La mobilisation contre le décret anti-immigration ne s'apaise pas: après les manifestations et l'indignation dans nombre de capitales, le président américain Donald Trump est confronté à une fronde au sein de l'appareil d'État, à laquelle il a choisi de répondre avec fermeté.

Après avoir limogé avec fracas lundi soir la ministre par intérim de la Justice, le président républicain s'en est pris mardi avec véhémence à ses opposants démocrates au Congrès, les accusant de paralyser le fonctionnement gouvernemental en tardant à confirmer ses candidats.

«Ils devraient avoir honte ! Pas surprenant que (Washington) D.C. ne fonctionne pas !», a-t-il tweeté avec la volonté évidente de galvaniser sa base électorale.

Décision rarissime lors de la mise en place d'une nouvelle équipe à la Maison-Blanche, Sally Yates, une fonctionnaire de l'ancienne administration Obama qui assurait l'intérim du ministre de la Justice, avait ordonné aux procureurs de ne pas défendre le décret du nouveau président, mettant en doute sa légalité.

Dans un communiqué au ton inhabituellement vindicatif, la Maison-Blanche a écarté cette dernière, accusée d'être «très faible sur l'immigration illégale» et d'avoir «trahi» son ministère.

Son successeur, Dana Boente, a immédiatement donné ordre aux salariés du département de la Justice «de faire leur devoir» et de «défendre les ordres légaux de notre président».

La Maison-Blanche défend son décret au nom de la nécessité d'empêcher l'entrée aux États-Unis de «terroristes islamiques radicaux». «Cela n'a rien à voir avec la religion, il s'agit de terrorisme et de la sécurité de notre pays», martèle le président américain.

«Mauvais message»

Mais la fronde ne vient pas seulement des rangs démocrates.

Dans une lettre ouverte, plusieurs dizaines d'anciens conseillers de Barack Obama et George W. Bush ont estimé que ce décret envoyait «le mauvais message à la communauté musulmane dans le pays et de par le monde»: l'idée que le gouvernement américain est «en guerre contre eux» sur la base de leur religion».

Les signataires se disent convaincus que cette décision aura «un impact négatif à long terme» sur la sécurité nationale des États-Unis.

Par ailleurs, des diplomates américains ont protesté contre le décret en utilisant un canal officiel dit de dissidence. «Soit ils acceptent le programme, soit ils s'en vont», a répondu la Maison-Blanche en guise d'ultimatum.

L'ancien président démocrate Barack Obama est sorti de son silence, se disant, par la voix de son porte-parole, encouragé par «le niveau de mobilisation» à travers les États-Unis.

M. Obama avait promis de se tenir à l'écart du débat politique sauf si «les valeurs fondamentales» de l'Amérique étaient menacées.

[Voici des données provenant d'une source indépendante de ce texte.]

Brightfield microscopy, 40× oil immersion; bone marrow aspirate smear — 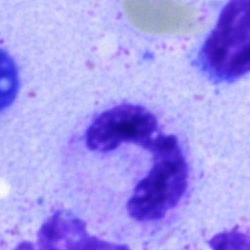Q: What is shown here?
A: A polymorphonuclear neutrophil.
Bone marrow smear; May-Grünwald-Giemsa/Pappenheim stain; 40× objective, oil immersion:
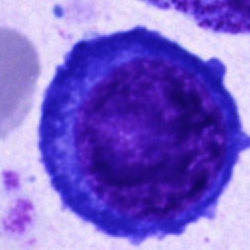
Morphological class — pronormoblast.
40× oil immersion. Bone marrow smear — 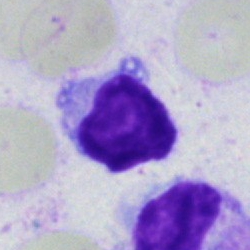 Specimen: bone marrow aspirate smear.
Morphological class: lymphocyte.
Lineage: lymphoid.
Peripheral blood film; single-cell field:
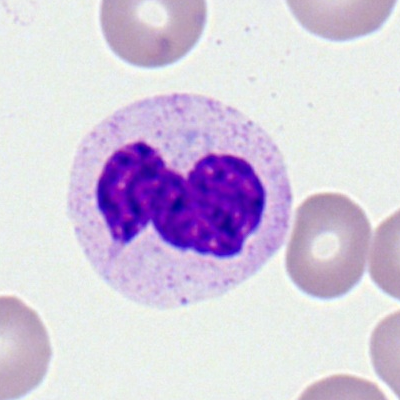
Single cell identified as a segmented neutrophil.
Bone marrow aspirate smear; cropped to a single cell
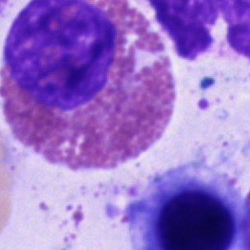

Q: Identify the cell.
A: An eosinophil.
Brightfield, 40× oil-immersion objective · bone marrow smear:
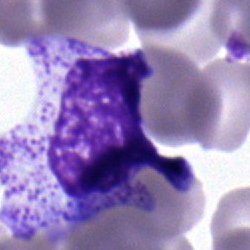 {"cell_type": "myelocyte"}
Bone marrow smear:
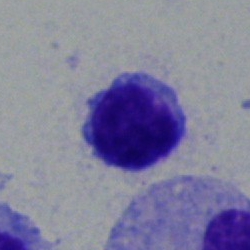
{"cell_type": "typical lymphocyte", "lineage": "lymphoid"}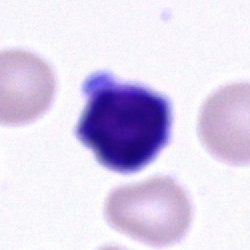

A neutrophil (segmented).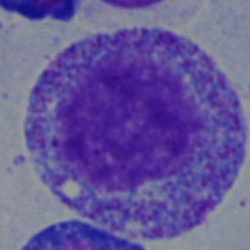 Single cell identified as a progranulocyte.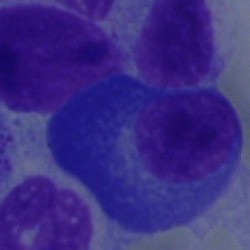

Cell — plasmacyte.
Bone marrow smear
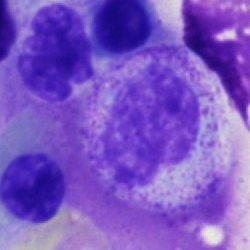

Impression — metamyelocyte.
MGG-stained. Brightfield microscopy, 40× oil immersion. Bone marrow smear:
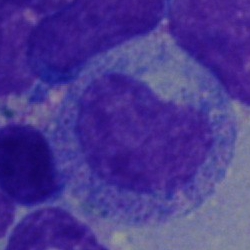This is a myelocyte.
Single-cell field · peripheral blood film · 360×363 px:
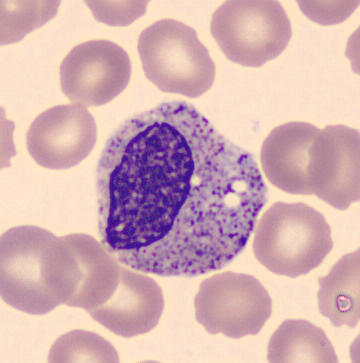 {"cell_type": "myelocyte", "lineage": "myeloid"}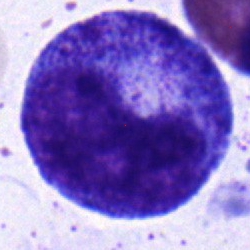
Morphology consistent with a promyelocyte.
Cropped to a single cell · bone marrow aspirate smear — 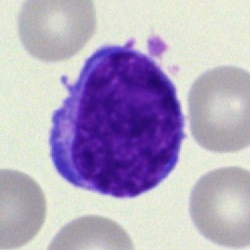{"cell_type": "blast"}
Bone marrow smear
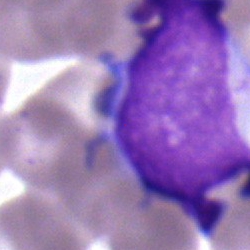

Specimen: bone marrow smear.
Cell: lymphocyte.
Lineage: lymphoid.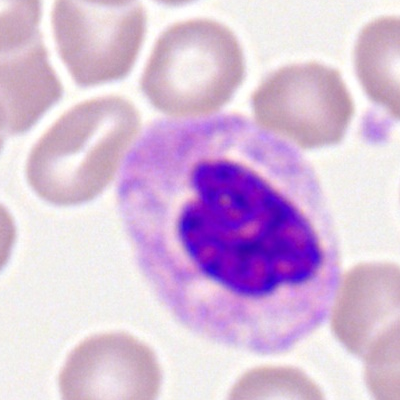

Showing a neutrophil (segmented).
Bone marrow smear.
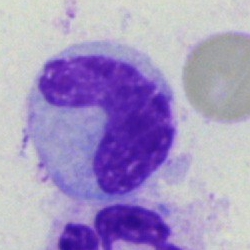
Q: Which cell type is shown here?
A: This is a stab cell.
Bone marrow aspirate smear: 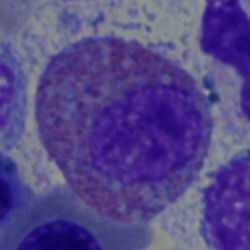Morphology consistent with an eosinophilic granulocyte.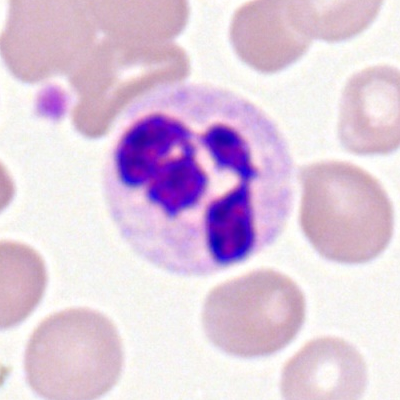

A neutrophil (segmented) on a peripheral blood smear.
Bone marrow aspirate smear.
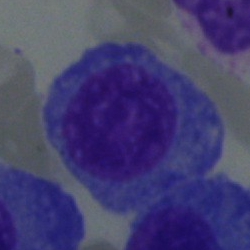

A plasmacyte.
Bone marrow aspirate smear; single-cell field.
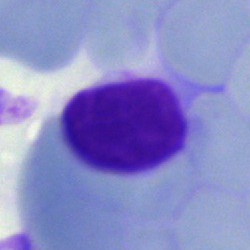Q: What is shown here?
A: It is an artifact.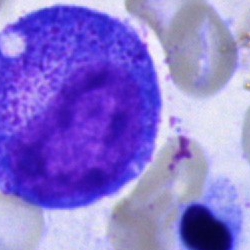 {"cell_type": "progranulocyte", "lineage": "myeloid"}
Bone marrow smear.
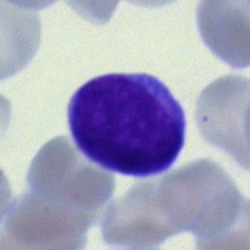 The cell type is typical lymphocyte.
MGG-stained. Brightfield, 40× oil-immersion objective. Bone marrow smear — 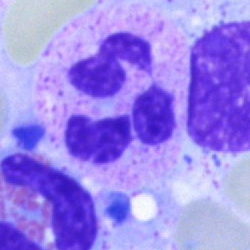The cell is polymorphonuclear neutrophil.
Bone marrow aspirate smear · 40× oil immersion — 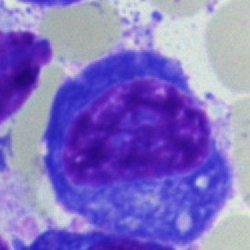

Single cell identified as a plasmacyte.
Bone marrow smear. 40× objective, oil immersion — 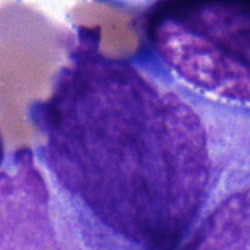
Morphological class = blast cell.
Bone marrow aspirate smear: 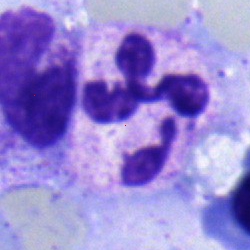
Specimen: bone marrow aspirate smear.
Morphological class: polymorphonuclear neutrophil.
Lineage: myeloid.
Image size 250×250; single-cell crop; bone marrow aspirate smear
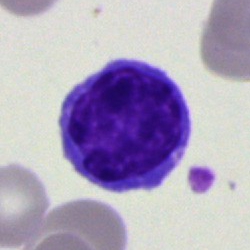
Cell = typical lymphocyte.
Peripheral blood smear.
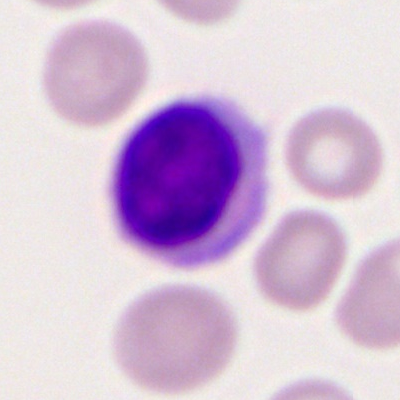{"cell_type": "typical lymphocyte"}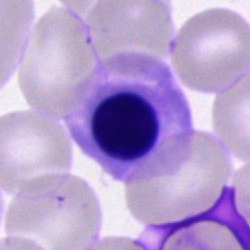 Cell — nucleated red cell.
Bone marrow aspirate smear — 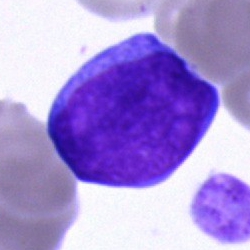

Specimen: bone marrow aspirate smear.
Cell: blast cell.
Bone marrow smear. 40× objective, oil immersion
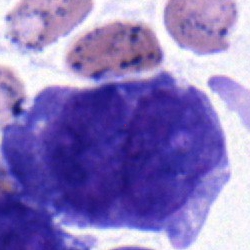
Q: What is the morphological classification of this cell?
A: A blast.
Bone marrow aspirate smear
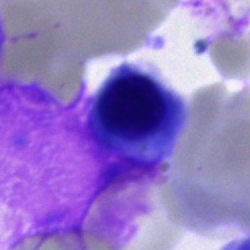 Showing an artefact.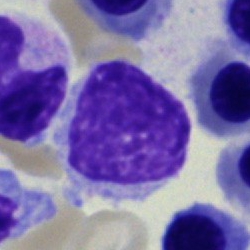
The cell shown is a lymphocyte.
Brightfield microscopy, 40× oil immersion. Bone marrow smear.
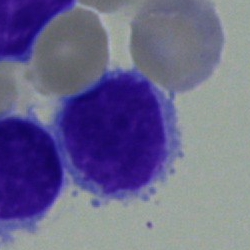
Cell: lymphocyte.
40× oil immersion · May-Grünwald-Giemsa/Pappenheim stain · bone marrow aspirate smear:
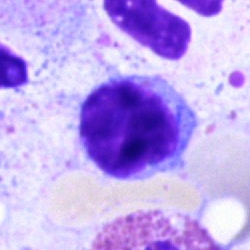Cell type = typical lymphocyte.
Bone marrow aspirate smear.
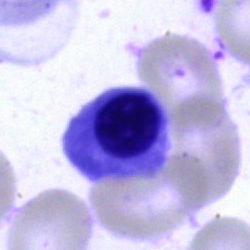
This is an erythroblast.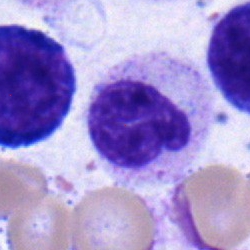

This is a polymorphonuclear neutrophil.
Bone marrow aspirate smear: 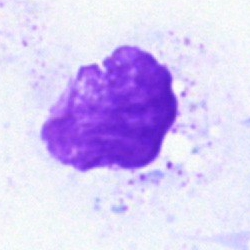Cell: artefact.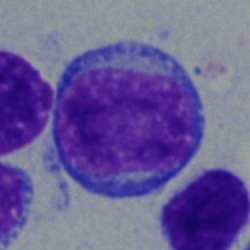 {"cell_type": "blast"}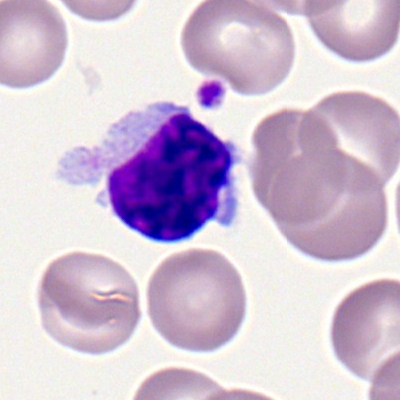
Classification: lymphocyte.
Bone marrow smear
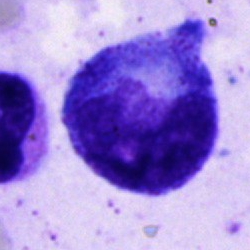Promyelocyte.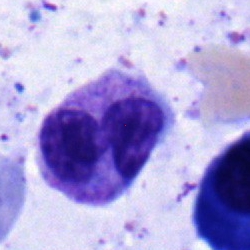Q: Identify the cell.
A: Segmented neutrophil.
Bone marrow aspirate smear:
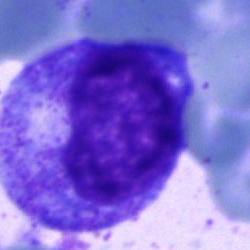

Cell: promyelocyte.
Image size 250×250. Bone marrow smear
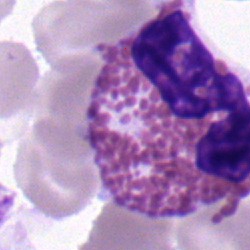 Classification — eosinophil.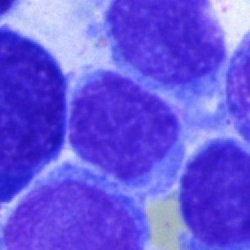 Bone marrow smear showing a typical lymphocyte.
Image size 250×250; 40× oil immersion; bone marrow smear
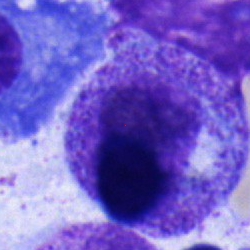 This is a progranulocyte.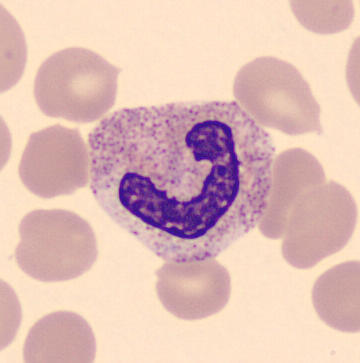Classification — polymorphonuclear neutrophil.

Dix jours après son départ de la Maison-Blanche, il a jugé que c'était le cas.

De partout à travers le monde, les témoignages affluent de ressortissants des pays concernés par les restrictions qui dénoncent, entre abattement, incrédulité et colère, les mesures abruptement mises en place par la nouvelle administration américaine.

Six Iraniens voyageant vers les États-Unis ont passé trois nuits dans la zone de transit de l'aéroport d'Amsterdam-Schiphol.

Le groupe avait quitté Téhéran à bord d'un appareil de la compagnie KLM et devait prendre à Amsterdam des vols vers différentes villes américaines. C'est «très déroutant», a confié à l'AFP Pedram, un médecin de 33 ans joint au téléphone.

Déclarations «inquiétantes»

Au-delà des États-Unis, la vague d'indignation soulevée par l'initiative de la Maison-Blanche n'a pas faibli.

Le président du Conseil européen Donald Tusk a dénoncé les déclarations «inquiétantes» de l'administration Trump qui «rendent notre avenir hautement imprévisible».

La nouvelle administration «semble mettre en cause les 70 dernières années de politique étrangère américaine», a-t-il mis en garde dans une missive envoyée aux chefs d'État et de gouvernement de 27 pays de l'UE (sans le Royaume-Uni).

Le vice-premier ministre turc Numan Kurtulmus a appelé mardi le président Trump à réévaluer son décret motivé par «l'islamophobie, les sentiments anti-immigration et la xénophobie croissants en Occident».

La chancelière allemande Angela Merkel avait estimé que la lutte contre le terrorisme ne justifiait pas «de généraliser le soupçon contre les personnes en fonction de leur croyance, en l'occurrence ici des personnes de foi musulmane».

Les députés britanniques débattront le 20 février de la pétition, qui a recueilli près de 1,7 million de signatures, réclamant que la visite d'État de Donald Trump soit ramenée au rang de simple visite officielle.